> [DIRECTIONS FOR THIS TASK]
Search the data for "green". Return each matching line.

> [INPUT]
____________________
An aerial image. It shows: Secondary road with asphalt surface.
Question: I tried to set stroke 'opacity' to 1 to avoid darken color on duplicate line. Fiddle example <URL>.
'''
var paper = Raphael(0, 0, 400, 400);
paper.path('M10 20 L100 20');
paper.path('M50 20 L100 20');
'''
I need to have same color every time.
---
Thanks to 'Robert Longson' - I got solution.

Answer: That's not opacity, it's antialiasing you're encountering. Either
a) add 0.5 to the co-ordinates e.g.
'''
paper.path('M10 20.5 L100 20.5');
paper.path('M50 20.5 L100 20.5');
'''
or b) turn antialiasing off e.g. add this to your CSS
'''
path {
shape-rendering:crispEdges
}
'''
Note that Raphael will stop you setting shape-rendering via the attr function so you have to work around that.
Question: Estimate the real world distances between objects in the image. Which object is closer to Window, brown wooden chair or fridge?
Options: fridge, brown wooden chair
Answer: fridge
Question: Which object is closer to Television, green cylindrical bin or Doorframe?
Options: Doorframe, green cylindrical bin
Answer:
____________________
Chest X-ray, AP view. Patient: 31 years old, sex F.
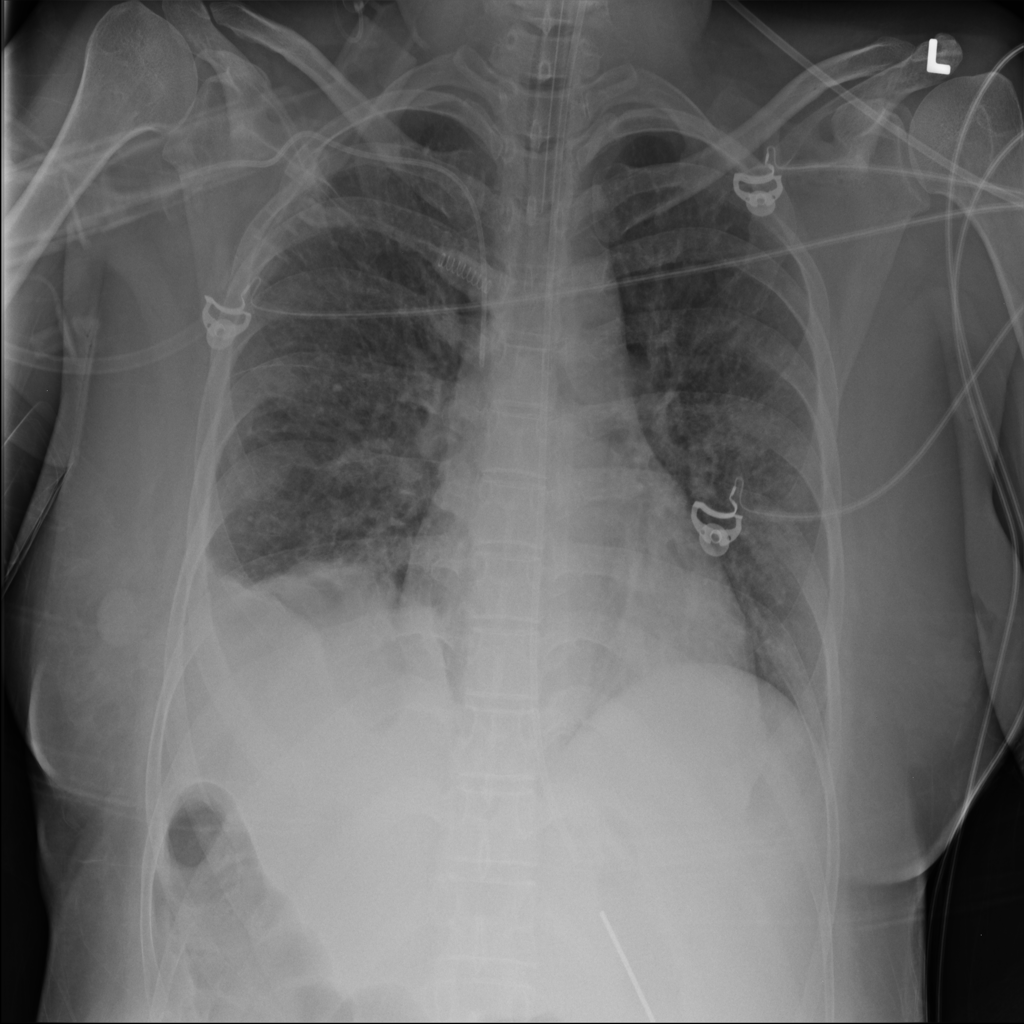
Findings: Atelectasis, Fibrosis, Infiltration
____________________
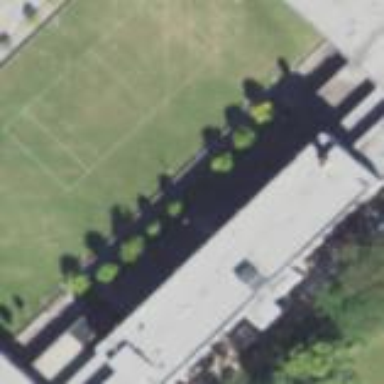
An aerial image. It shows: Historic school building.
____________________
> [RESPONSE TO THIS TASK]
Question: Which object is closer to Television, green cylindrical bin or Doorframe?
Options: Doorframe, green cylindrical bin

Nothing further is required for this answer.